27 Even though the respondent admitted that mistakes were made when the applicant’s children were treated at the Kempsey Hospital in September 2002, senior officials of the respondent appeared to genuinely believe that race was not a factor which in any way influenced that treatment. We also accept that the medical practitioners who provided treatment to the children genuinely believed that race was not a factor which influenced their clinical decisions.

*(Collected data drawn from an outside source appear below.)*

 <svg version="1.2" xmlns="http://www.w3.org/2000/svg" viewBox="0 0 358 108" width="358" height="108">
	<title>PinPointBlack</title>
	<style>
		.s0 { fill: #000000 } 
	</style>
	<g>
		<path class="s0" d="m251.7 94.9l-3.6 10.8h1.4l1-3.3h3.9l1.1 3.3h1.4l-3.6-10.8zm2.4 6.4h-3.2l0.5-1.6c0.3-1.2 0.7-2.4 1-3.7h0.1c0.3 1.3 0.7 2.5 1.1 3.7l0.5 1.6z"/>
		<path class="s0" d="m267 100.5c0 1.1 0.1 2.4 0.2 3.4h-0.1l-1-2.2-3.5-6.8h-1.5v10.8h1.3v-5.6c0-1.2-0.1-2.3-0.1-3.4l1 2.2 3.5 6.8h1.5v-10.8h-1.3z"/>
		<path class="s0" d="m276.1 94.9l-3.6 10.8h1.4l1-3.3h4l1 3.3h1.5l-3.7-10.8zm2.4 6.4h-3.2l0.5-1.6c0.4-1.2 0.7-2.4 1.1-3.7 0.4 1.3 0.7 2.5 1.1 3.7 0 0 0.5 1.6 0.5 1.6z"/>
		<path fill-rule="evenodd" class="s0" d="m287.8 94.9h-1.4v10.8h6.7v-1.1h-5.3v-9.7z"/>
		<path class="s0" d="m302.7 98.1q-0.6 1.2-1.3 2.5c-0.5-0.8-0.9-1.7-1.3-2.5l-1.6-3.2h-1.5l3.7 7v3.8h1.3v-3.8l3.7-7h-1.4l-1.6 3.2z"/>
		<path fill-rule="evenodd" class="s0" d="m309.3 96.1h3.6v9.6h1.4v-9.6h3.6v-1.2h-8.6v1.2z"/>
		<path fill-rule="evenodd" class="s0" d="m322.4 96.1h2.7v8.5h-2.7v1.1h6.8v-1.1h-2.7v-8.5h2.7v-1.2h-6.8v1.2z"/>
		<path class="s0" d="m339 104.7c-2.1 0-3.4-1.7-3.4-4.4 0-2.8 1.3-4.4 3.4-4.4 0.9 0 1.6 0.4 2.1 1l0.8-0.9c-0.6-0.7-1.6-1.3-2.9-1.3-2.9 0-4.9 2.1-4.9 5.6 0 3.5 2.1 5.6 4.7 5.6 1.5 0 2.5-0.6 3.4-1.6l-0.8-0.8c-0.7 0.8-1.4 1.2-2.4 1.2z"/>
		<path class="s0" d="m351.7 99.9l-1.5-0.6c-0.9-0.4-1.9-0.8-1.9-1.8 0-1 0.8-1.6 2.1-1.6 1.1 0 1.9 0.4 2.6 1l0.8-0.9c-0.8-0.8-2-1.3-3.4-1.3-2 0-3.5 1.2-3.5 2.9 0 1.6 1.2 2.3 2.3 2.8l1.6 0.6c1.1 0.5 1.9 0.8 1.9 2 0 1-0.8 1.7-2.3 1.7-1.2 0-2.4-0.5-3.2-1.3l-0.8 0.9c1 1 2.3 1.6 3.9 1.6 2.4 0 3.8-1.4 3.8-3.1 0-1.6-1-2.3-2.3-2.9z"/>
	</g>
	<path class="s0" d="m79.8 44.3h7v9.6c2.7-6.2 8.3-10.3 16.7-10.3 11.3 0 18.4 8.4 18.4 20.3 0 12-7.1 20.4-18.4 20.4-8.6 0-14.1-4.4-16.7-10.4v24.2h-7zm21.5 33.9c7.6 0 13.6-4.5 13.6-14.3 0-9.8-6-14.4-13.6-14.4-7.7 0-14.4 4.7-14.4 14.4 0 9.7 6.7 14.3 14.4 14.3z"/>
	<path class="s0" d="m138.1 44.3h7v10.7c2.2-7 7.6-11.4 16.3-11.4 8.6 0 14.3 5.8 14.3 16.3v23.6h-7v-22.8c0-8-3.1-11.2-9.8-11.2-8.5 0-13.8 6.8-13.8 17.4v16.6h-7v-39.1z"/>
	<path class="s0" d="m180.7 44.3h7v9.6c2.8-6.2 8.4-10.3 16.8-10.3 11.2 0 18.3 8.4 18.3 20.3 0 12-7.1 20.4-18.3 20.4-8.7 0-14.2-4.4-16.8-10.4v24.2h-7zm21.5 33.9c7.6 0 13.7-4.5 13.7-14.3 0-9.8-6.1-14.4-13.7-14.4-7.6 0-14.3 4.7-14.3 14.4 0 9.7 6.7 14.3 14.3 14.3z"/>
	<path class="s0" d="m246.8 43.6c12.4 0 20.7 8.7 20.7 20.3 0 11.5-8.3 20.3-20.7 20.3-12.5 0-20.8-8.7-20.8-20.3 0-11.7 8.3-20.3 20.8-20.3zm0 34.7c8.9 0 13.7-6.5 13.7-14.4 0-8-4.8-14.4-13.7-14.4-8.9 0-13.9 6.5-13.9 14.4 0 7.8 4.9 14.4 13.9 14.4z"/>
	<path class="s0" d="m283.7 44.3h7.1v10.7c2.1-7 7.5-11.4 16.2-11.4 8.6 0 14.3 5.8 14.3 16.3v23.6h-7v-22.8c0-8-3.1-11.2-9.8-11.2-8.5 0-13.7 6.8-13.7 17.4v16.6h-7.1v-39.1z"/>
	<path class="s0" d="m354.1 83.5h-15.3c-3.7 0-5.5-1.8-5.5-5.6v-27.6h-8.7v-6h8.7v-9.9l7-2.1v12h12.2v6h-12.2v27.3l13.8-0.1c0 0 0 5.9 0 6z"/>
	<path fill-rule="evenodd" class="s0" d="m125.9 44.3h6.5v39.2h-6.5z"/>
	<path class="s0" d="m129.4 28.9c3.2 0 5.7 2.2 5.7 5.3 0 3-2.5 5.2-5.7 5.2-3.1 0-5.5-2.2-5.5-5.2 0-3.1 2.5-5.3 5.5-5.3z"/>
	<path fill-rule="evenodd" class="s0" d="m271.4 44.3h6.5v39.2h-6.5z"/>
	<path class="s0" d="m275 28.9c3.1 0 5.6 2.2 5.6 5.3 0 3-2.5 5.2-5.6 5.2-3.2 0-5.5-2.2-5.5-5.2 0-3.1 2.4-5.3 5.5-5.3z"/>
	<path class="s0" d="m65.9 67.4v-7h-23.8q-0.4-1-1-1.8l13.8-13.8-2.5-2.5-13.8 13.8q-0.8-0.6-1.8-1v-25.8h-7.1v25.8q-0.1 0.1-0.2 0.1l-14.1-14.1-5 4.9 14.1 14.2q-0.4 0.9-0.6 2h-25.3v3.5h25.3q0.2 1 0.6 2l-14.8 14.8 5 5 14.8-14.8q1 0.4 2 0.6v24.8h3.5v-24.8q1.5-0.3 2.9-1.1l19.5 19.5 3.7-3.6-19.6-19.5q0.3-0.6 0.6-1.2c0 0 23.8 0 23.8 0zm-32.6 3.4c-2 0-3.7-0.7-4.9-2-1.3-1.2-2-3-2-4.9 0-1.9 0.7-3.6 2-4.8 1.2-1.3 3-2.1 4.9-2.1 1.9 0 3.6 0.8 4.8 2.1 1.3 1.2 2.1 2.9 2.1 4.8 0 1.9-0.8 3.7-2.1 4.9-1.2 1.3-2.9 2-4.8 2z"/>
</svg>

28 Because the applicant left the hearing and abandoned her complaints the Tribunal was unable to determine whether there was any evidence which supported her complaints or whether those complaints were based upon mere supposition. Had the Tribunal dismissed the complaints after a full inquiry in which the actual substance of the complaints was fully investigated it is highly unlikely that a costs order would have been made against the applicant because, as we have already noted, such costs orders are usually confined to cases where there has been an “abuse of process”. Consequently, in the circumstances of this case it is difficult to see why a costs order should be made against the applicant when there is no suggestion of an “abuse of process”.

29 The respondent has not pointed to any additional costs it has sustained because the applicant abandoned her complaints towards the end of the first hearing day rather than pursued them for the two days set aside for the hearing. Had the proceedings been adjourned rather than terminated when the applicant left the hearing room, and had the respondent incurred expense as a result of any adjournment, we would have felt compelled to order that the applicant pay any costs thrown away as a result of an adjournment. But that is not what happened in this case. The applicant has sustained the ultimate penalty of having her complaints dismissed. Whilst those complaints have not been determined on their merits, the applicant is likely to be faced with the response that she is hopelessly out of time if she seeks to lodge fresh complaints about the same events. The complaints are to all intents and purposes finished.

30 For the reasons given, we dismiss the respondent’s application for costs.

Orders

31 The Tribunal makes the following orders:

            1. Complaints dismissed.

            2. Respondent’s application for costs dismissed.